However, the antenna direction angle of the base station is determined by adopting the prior art, and because the antenna is greatly influenced by the environment, the antenna direction angle determined by adopting the drive test mode changes due to the change of the environment, and the accuracy is influenced; however, the sweep frequency + call mode is only suitable for testing of a single base station, and the workload for determining the antenna direction angle is huge when regional coverage analysis or full-network coverage analysis is required, so the time cost for determining the antenna direction angle is large, and the timeliness is poor.

Disclosure of Invention

In order to solve the above technical problems, embodiments of the present invention are expected to provide a method and an apparatus for determining an antenna direction angle, which can improve accuracy and timeliness of checking the antenna direction angle.

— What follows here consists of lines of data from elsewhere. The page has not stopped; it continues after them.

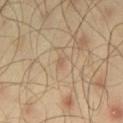Clinical impression: The lesion was tiled from a total-body skin photograph and was not biopsied. Acquisition and patient details: Longest diameter approximately 1 mm. Automated tile analysis of the lesion measured a lesion area of about 1 mm² and a shape eccentricity near 0.75. And it measured a border-irregularity index near 4/10, a color-variation rating of about 0/10, and peripheral color asymmetry of about 0. The lesion is on the left thigh. Imaged with cross-polarized lighting. Cropped from a total-body skin-imaging series; the visible field is about 15 mm. A male subject roughly 45 years of age.
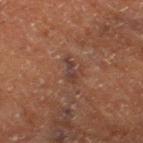Q: Was this lesion biopsied?
A: no biopsy performed (imaged during a skin exam)
Q: Lesion size?
A: about 3 mm
Q: How was this image acquired?
A: total-body-photography crop, ~15 mm field of view
Q: What is the anatomic site?
A: the leg
Q: What are the patient's age and sex?
A: male, roughly 75 years of age
Q: What did automated image analysis measure?
A: a footprint of about 3 mm², a shape eccentricity near 0.9, and a shape-asymmetry score of about 0.35 (0 = symmetric)
Q: How was the tile lit?
A: cross-polarized illumination
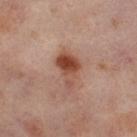biopsy_status: not biopsied; imaged during a skin examination
lesion_size:
  long_diameter_mm_approx: 4.5
patient:
  sex: female
  age_approx: 55
image:
  source: total-body photography crop
  field_of_view_mm: 15
site: left thigh
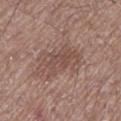Assessment: Part of a total-body skin-imaging series; this lesion was reviewed on a skin check and was not flagged for biopsy. Acquisition and patient details: Captured under white-light illumination. Cropped from a total-body skin-imaging series; the visible field is about 15 mm. The lesion is on the left lower leg. A male patient, roughly 70 years of age. About 5 mm across.
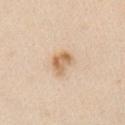No biopsy was performed on this lesion — it was imaged during a full skin examination and was not determined to be concerning.
On the right upper arm.
Captured under white-light illumination.
A male subject aged approximately 60.
Longest diameter approximately 3 mm.
This image is a 15 mm lesion crop taken from a total-body photograph.
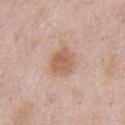Findings:
* workup — no biopsy performed (imaged during a skin exam)
* lighting — white-light illumination
* subject — male, in their mid-50s
* image — ~15 mm crop, total-body skin-cancer survey
* body site — the abdomen
* automated lesion analysis — an average lesion color of about L≈60 a*≈21 b*≈30 (CIELAB) and about 10 CIELAB-L* units darker than the surrounding skin
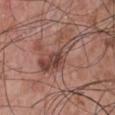<record>
  <biopsy_status>not biopsied; imaged during a skin examination</biopsy_status>
  <lesion_size>
    <long_diameter_mm_approx>7.0</long_diameter_mm_approx>
  </lesion_size>
  <patient>
    <sex>male</sex>
    <age_approx>70</age_approx>
  </patient>
  <site>chest</site>
  <image>
    <source>total-body photography crop</source>
    <field_of_view_mm>15</field_of_view_mm>
  </image>
</record>
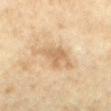Q: Is there a histopathology result?
A: total-body-photography surveillance lesion; no biopsy
Q: Where on the body is the lesion?
A: the back
Q: What is the lesion's diameter?
A: ≈3 mm
Q: What is the imaging modality?
A: total-body-photography crop, ~15 mm field of view
Q: Who is the patient?
A: female, aged 58 to 62
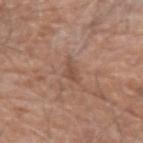Clinical impression:
Recorded during total-body skin imaging; not selected for excision or biopsy.
Image and clinical context:
Cropped from a whole-body photographic skin survey; the tile spans about 15 mm. Located on the arm. A male subject aged 78 to 82. Automated tile analysis of the lesion measured a footprint of about 3 mm², an eccentricity of roughly 0.9, and a shape-asymmetry score of about 0.5 (0 = symmetric). The analysis additionally found a border-irregularity rating of about 5.5/10 and a within-lesion color-variation index near 0.5/10. The analysis additionally found an automated nevus-likeness rating near 0 out of 100 and lesion-presence confidence of about 90/100. About 3.5 mm across. Captured under white-light illumination.
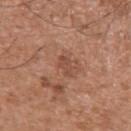notes: catalogued during a skin exam; not biopsied
size: ≈2.5 mm
image-analysis metrics: a footprint of about 3 mm² and two-axis asymmetry of about 0.25; a border-irregularity rating of about 2.5/10 and a peripheral color-asymmetry measure near 0.5; a nevus-likeness score of about 0/100 and a lesion-detection confidence of about 100/100
patient: male, in their mid- to late 70s
site: the right upper arm
image source: 15 mm crop, total-body photography
tile lighting: white-light
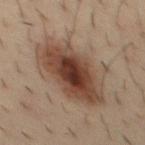{
  "biopsy_status": "not biopsied; imaged during a skin examination",
  "patient": {
    "sex": "male",
    "age_approx": 35
  },
  "lesion_size": {
    "long_diameter_mm_approx": 9.0
  },
  "site": "chest",
  "image": {
    "source": "total-body photography crop",
    "field_of_view_mm": 15
  },
  "lighting": "cross-polarized"
}
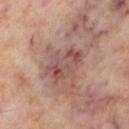Imaged during a routine full-body skin examination; the lesion was not biopsied and no histopathology is available.
Imaged with cross-polarized lighting.
A female patient aged 53–57.
From the left lower leg.
This image is a 15 mm lesion crop taken from a total-body photograph.
Automated tile analysis of the lesion measured a mean CIELAB color near L≈51 a*≈20 b*≈23, a lesion–skin lightness drop of about 9, and a normalized lesion–skin contrast near 7. The software also gave border irregularity of about 3.5 on a 0–10 scale, a color-variation rating of about 6.5/10, and a peripheral color-asymmetry measure near 2. And it measured a nevus-likeness score of about 0/100 and lesion-presence confidence of about 100/100.
The recorded lesion diameter is about 5.5 mm.
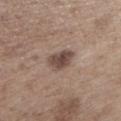Clinical impression:
The lesion was tiled from a total-body skin photograph and was not biopsied.
Image and clinical context:
A 15 mm close-up extracted from a 3D total-body photography capture. On the left lower leg. This is a white-light tile. A male subject, approximately 70 years of age. Longest diameter approximately 3.5 mm.
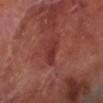follow-up: catalogued during a skin exam; not biopsied
TBP lesion metrics: an area of roughly 6 mm², a shape eccentricity near 0.85, and a shape-asymmetry score of about 0.3 (0 = symmetric); a nevus-likeness score of about 0/100 and a lesion-detection confidence of about 85/100
tile lighting: cross-polarized
anatomic site: the left lower leg
size: ≈3.5 mm
imaging modality: ~15 mm crop, total-body skin-cancer survey
subject: male, aged approximately 70

The technical scheme of the invention is realized as follows:

the method for determining the antenna direction angle provided by the embodiment of the invention comprises the following steps:

in a first area, counting the number of sampling points at each angle and the signal intensity of each sampling point according to antenna frequency sweep data of an angle level, wherein the antenna frequency sweep data is obtained by scanning the first area;

determining M antenna radiation lobes according to the number of the sampling points at each angle, wherein M is greater than or equal to 1;

determining an antenna radiation main lobe from the M antenna radiation lobes according to the signal intensity of each sampling point and the number of the sampling points at each angle;

and determining the angle value of the antenna direction angle according to the signal strength of the sampling point in the antenna radiation main lobe.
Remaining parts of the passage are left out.